# Required action
Before you reproduce the entries that follow, strip out any image they contain and keep the rest exact.

[Records contained in a dataset]

* * *

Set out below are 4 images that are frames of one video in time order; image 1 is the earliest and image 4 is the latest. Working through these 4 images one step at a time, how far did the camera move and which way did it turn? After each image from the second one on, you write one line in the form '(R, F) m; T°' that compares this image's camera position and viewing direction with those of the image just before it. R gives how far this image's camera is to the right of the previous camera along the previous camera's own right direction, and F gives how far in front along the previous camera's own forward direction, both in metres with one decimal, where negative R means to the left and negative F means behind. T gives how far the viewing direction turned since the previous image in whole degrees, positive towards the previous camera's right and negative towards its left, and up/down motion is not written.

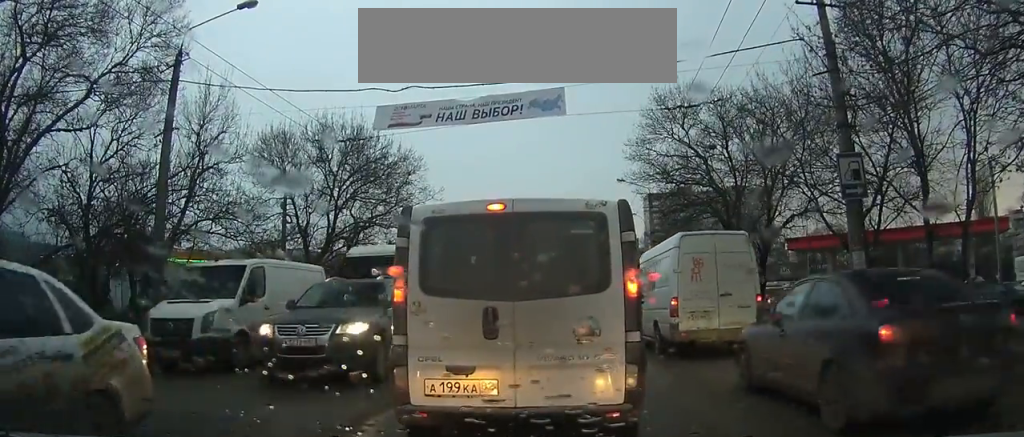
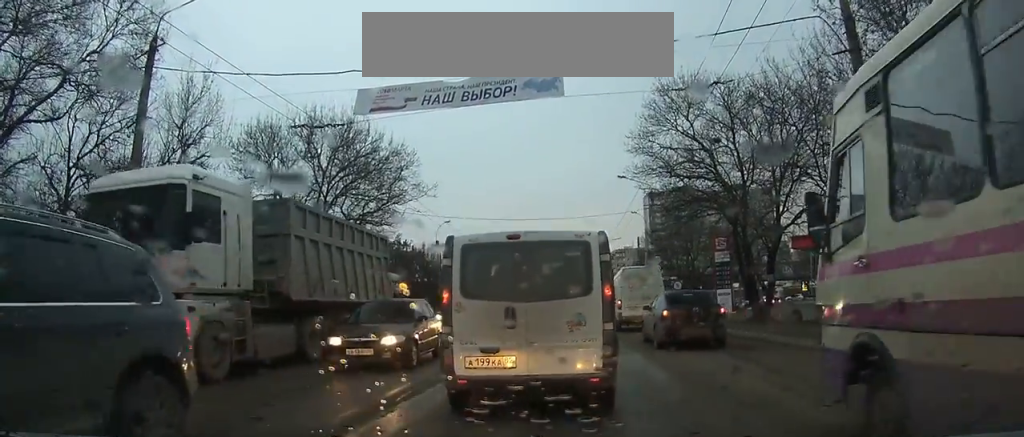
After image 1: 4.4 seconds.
(0.0, +3.5) m; -2°
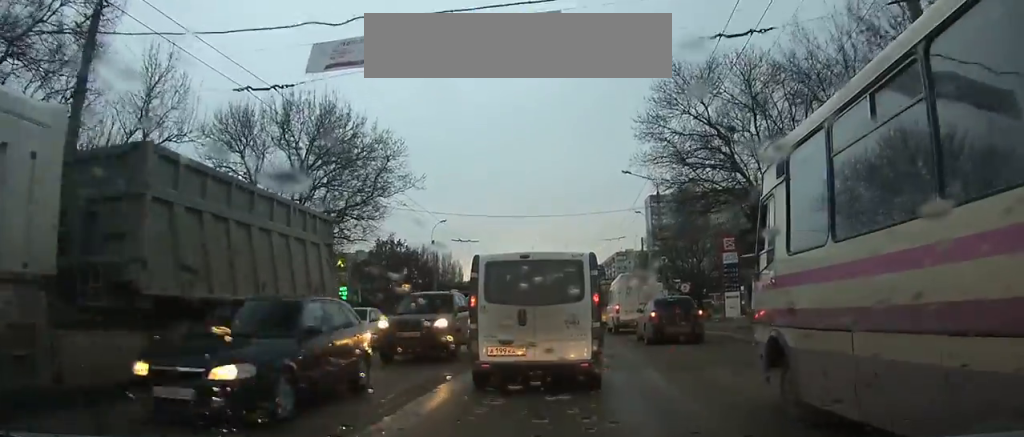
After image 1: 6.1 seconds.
(0.0, +2.1) m; -1°
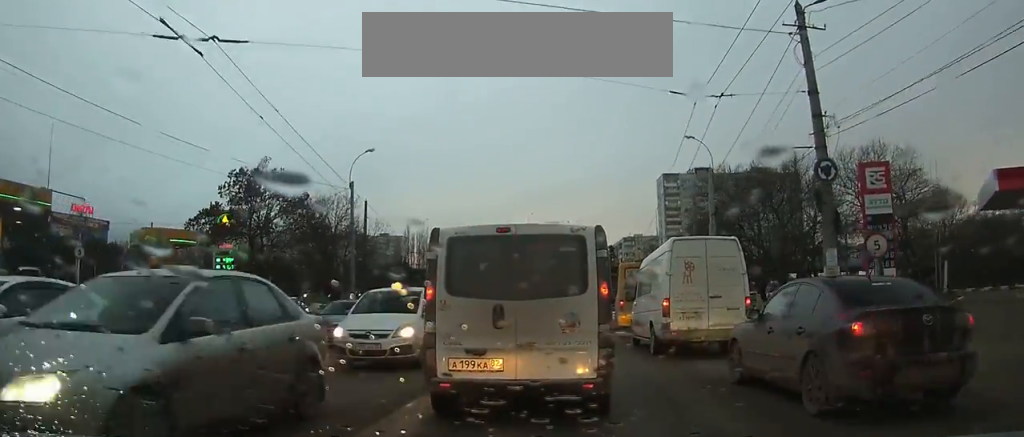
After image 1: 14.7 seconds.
(0.0, +17.7) m; 0°
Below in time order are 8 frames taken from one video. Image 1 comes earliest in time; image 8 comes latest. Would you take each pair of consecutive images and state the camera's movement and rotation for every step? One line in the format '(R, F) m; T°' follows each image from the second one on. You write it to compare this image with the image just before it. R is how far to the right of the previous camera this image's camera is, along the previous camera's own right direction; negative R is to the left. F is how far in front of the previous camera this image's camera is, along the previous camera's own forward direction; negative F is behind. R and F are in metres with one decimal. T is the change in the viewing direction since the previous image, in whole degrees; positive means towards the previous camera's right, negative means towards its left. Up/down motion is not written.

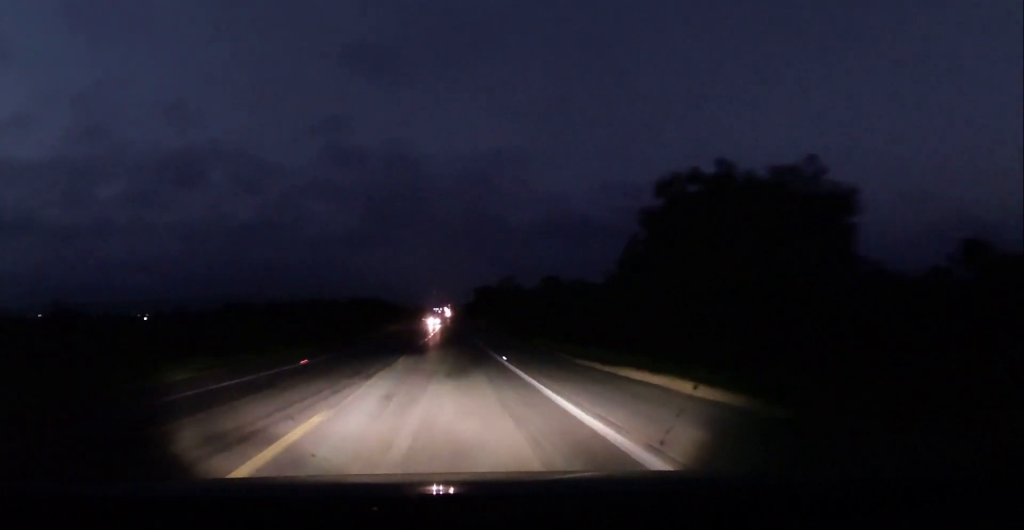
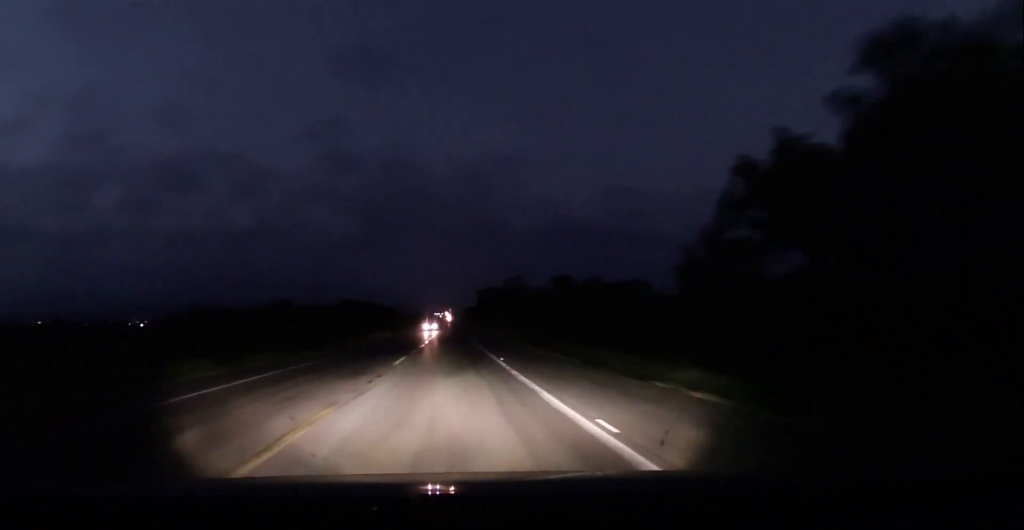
(-0.1, +15.2) m; +1°
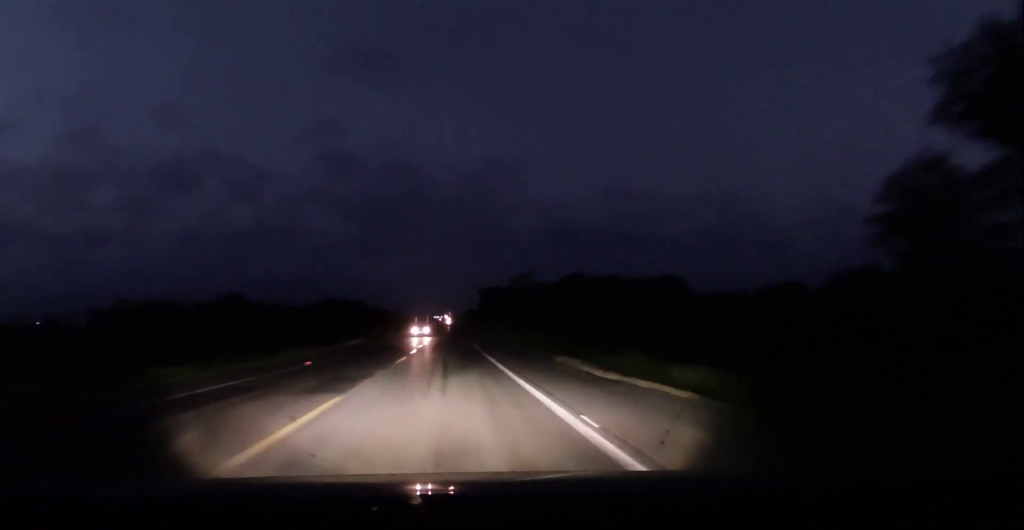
(+0.2, +15.1) m; 0°
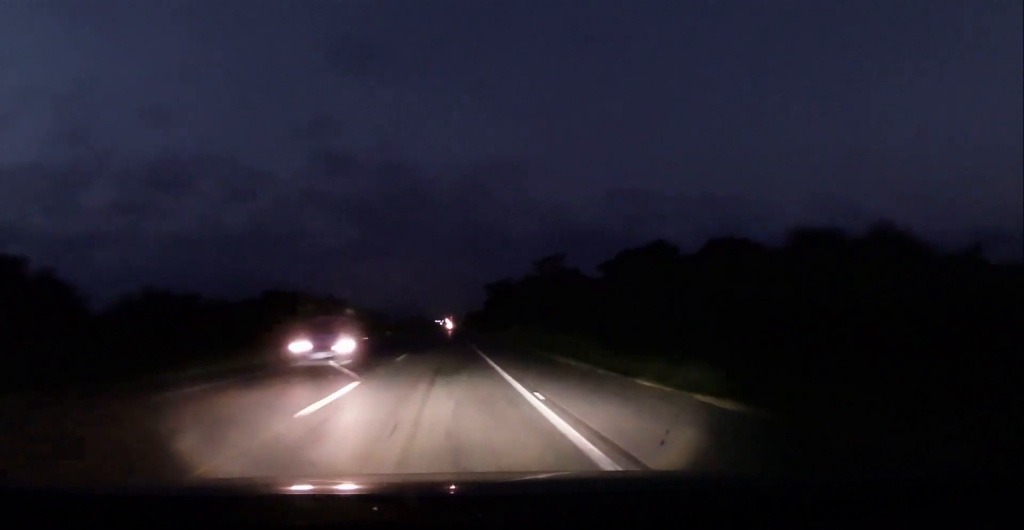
(0.0, +29.3) m; -1°
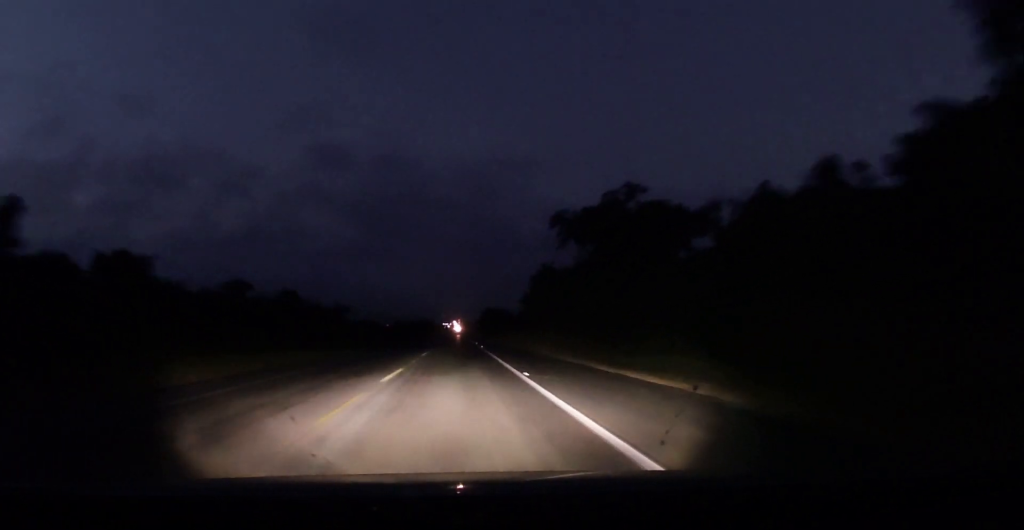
(-0.9, +73.9) m; -1°
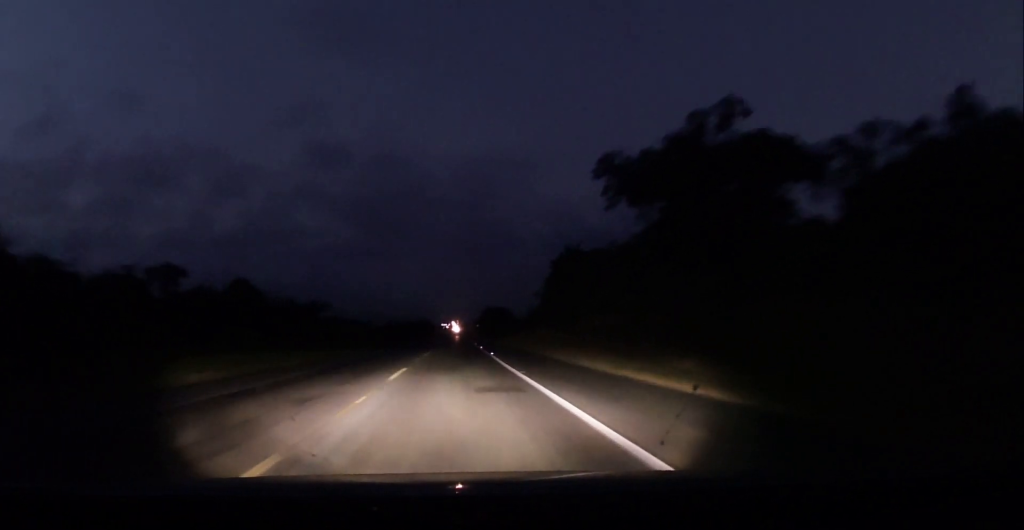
(-0.1, +14.9) m; 0°
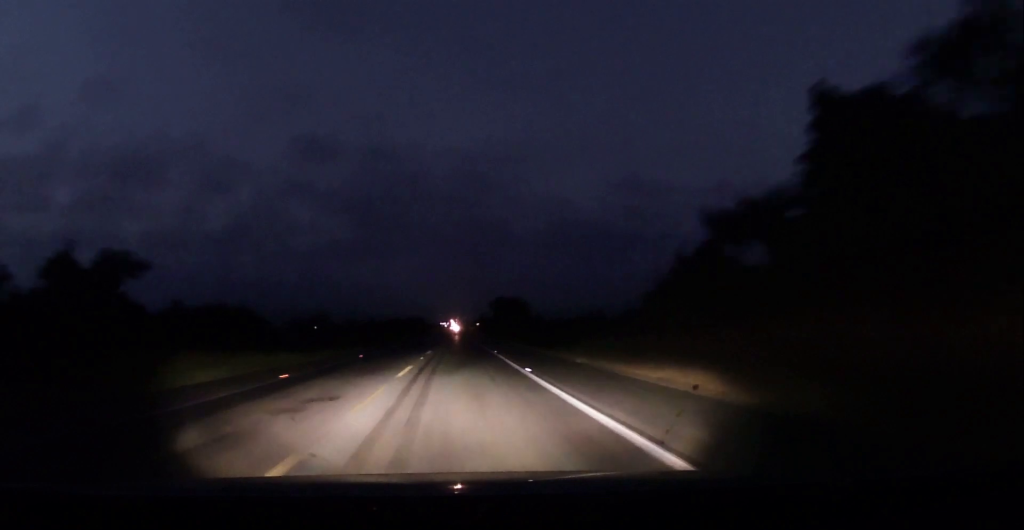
(+0.4, +47.4) m; 0°
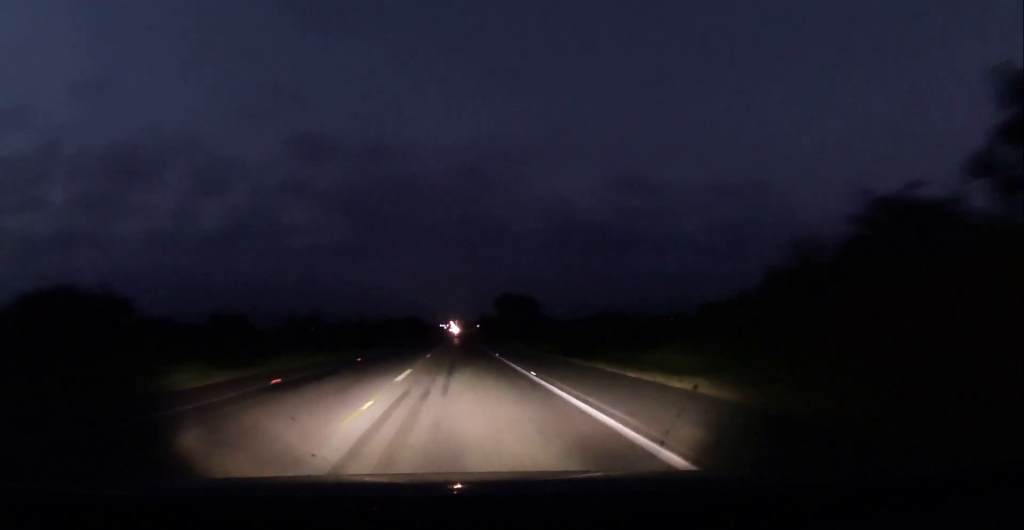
(-0.3, +16.8) m; -1°

* * *

# Answer box
Set out below are 4 images that are frames of one video in time order; image 1 is the earliest and image 4 is the latest. Working through these 4 images one step at a time, how far did the camera move and which way did it turn? After each image from the second one on, you write one line in the form '(R, F) m; T°' that compares this image's camera position and viewing direction with those of the image just before it. R gives how far this image's camera is to the right of the previous camera along the previous camera's own right direction, and F gives how far in front along the previous camera's own forward direction, both in metres with one decimal, where negative R means to the left and negative F means behind. T gives how far the viewing direction turned since the previous image in whole degrees, positive towards the previous camera's right and negative towards its left, and up/down motion is not written.

After image 1: 4.4 seconds.
(0.0, +3.5) m; -2°
After image 1: 6.1 seconds.
(0.0, +2.1) m; -1°
After image 1: 14.7 seconds.
(0.0, +17.7) m; 0°
Below in time order are 8 frames taken from one video. Image 1 comes earliest in time; image 8 comes latest. Would you take each pair of consecutive images and state the camera's movement and rotation for every step? One line in the format '(R, F) m; T°' follows each image from the second one on. You write it to compare this image with the image just before it. R is how far to the right of the previous camera this image's camera is, along the previous camera's own right direction; negative R is to the left. F is how far in front of the previous camera this image's camera is, along the previous camera's own forward direction; negative F is behind. R and F are in metres with one decimal. T is the change in the viewing direction since the previous image, in whole degrees; positive means towards the previous camera's right, negative means towards its left. Up/down motion is not written.

(-0.1, +15.2) m; +1°
(+0.2, +15.1) m; 0°
(0.0, +29.3) m; -1°
(-0.9, +73.9) m; -1°
(-0.1, +14.9) m; 0°
(+0.4, +47.4) m; 0°
(-0.3, +16.8) m; -1°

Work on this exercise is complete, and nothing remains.